Experimental Investigation on Flow Past an Isolated Micro Pin Fin Embedded in a Microchannel

ABSTRACT Micro pin fin heat sink is a very attractive cooling technique for high power density microelectronics. Optimization of its cooling performance requires insightful understanding on fundamental physics of flow inside it, especially around a single pin fin. In the present study, an experimental investigation on flow past an isolated low aspect ratio (height-to-diameter ratio) pin fin embedded in a microchannel is conducted using Micro-PIV. The flow field and vorticity distribution at different channel heights under various Reynolds numbers are obtained.
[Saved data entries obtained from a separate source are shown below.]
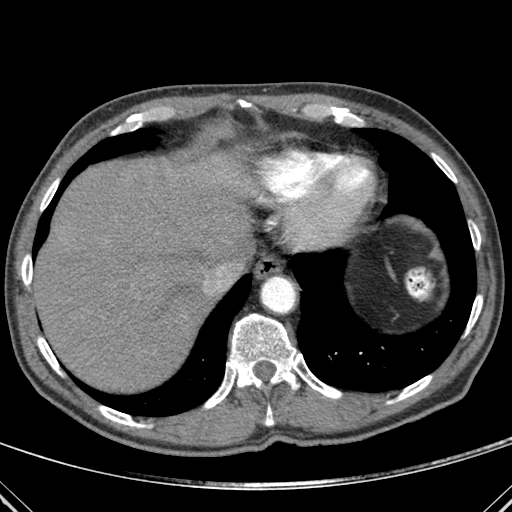
CT slice

Lung at left=70, top=274, right=251, bottom=416; left=36, top=128, right=158, bottom=251; left=291, top=128, right=476, bottom=391.
Bone at left=432, top=153, right=456, bottom=182; left=37, top=337, right=61, bottom=374; left=204, top=314, right=341, bottom=408; left=265, top=406, right=273, bottom=425; left=99, top=406, right=144, bottom=427; left=470, top=223, right=480, bottom=249; left=21, top=255, right=32, bottom=285; left=238, top=100, right=250, bottom=106; left=397, top=375, right=432, bottom=400; left=40, top=179, right=58, bottom=210; left=465, top=295, right=482, bottom=334.
Liver at left=32, top=152, right=252, bottom=393.
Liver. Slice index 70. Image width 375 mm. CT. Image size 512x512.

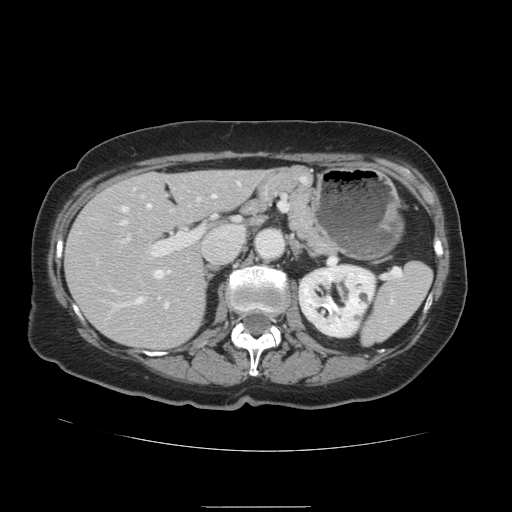 Not every hepatic vessel necessarily has a box.
Segmented structures:
- hepatic vessel: [120, 207, 125, 210], [149, 244, 157, 256], [197, 198, 199, 200], [211, 194, 214, 197], [164, 303, 167, 307], [126, 237, 128, 239], [134, 297, 141, 303], [153, 270, 162, 277], [119, 222, 124, 224], [237, 182, 238, 184], [146, 204, 150, 207]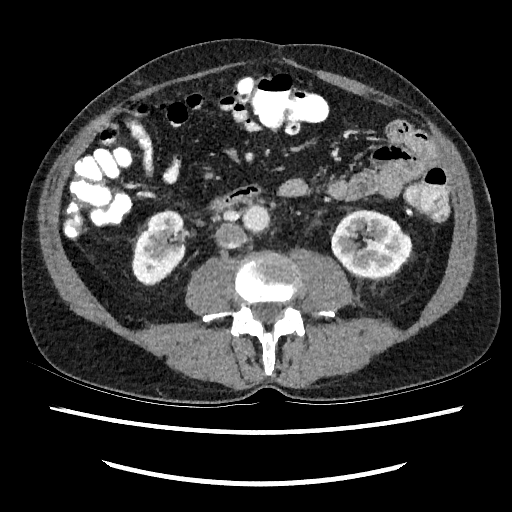

Computed tomography
2 kidney regions appear at [133,212,184,282], [332,211,410,277].
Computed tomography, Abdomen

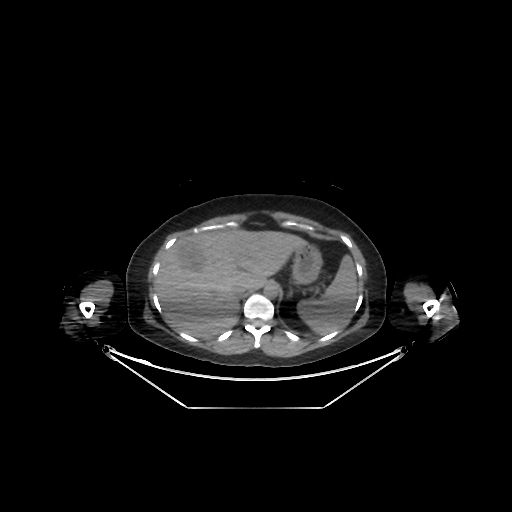
The liver is bounded by bbox=[153, 226, 303, 339].
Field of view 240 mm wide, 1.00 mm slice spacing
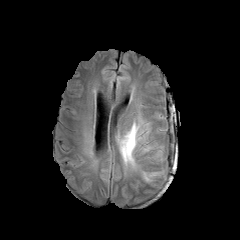
FLAIR magnetic resonance.
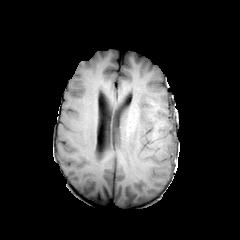
T1-weighted MRI.
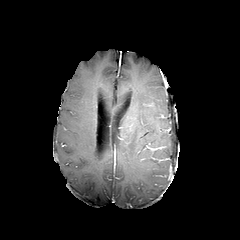
Post-contrast T1-weighted magnetic resonance.
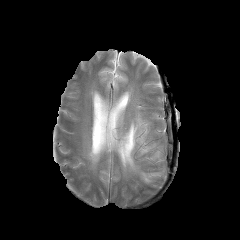
Same slice, T2-weighted MR.
{"edema": ["118, 117, 164, 181"]}

Endwall effect is found to play an important role in flow past the pin fin in the microchannel, and the critical Reynolds numbers are larger than that at the conventional scale. Vorticity concentrations are formed on both sides of the pin fin along the shear layer and intensify with the increase in Reynolds number. Flow fields and vorticity distributions at different heights exhibit different characteristics, especially at higher Reynolds numbers, indicating three-dimensionalities of the flow. Viscous resistance of the endwalls leads to lower overall velocity, smaller extent of the recirculation zone and weaker vorticity in flow layer closer to the top and bottom channel walls. Pressure drop and flow resistance characteristics in the microdevice is analyzed. The effect of aspect ratio of the pin fin on the wake flow is also studied, and the results show that three-dimensionalities increase but critical Reynolds numbers decrease with larger aspect ratios. A comparison with flow across micro pin fin arrays is conducted and differences are observed in velocity field and wake flow features.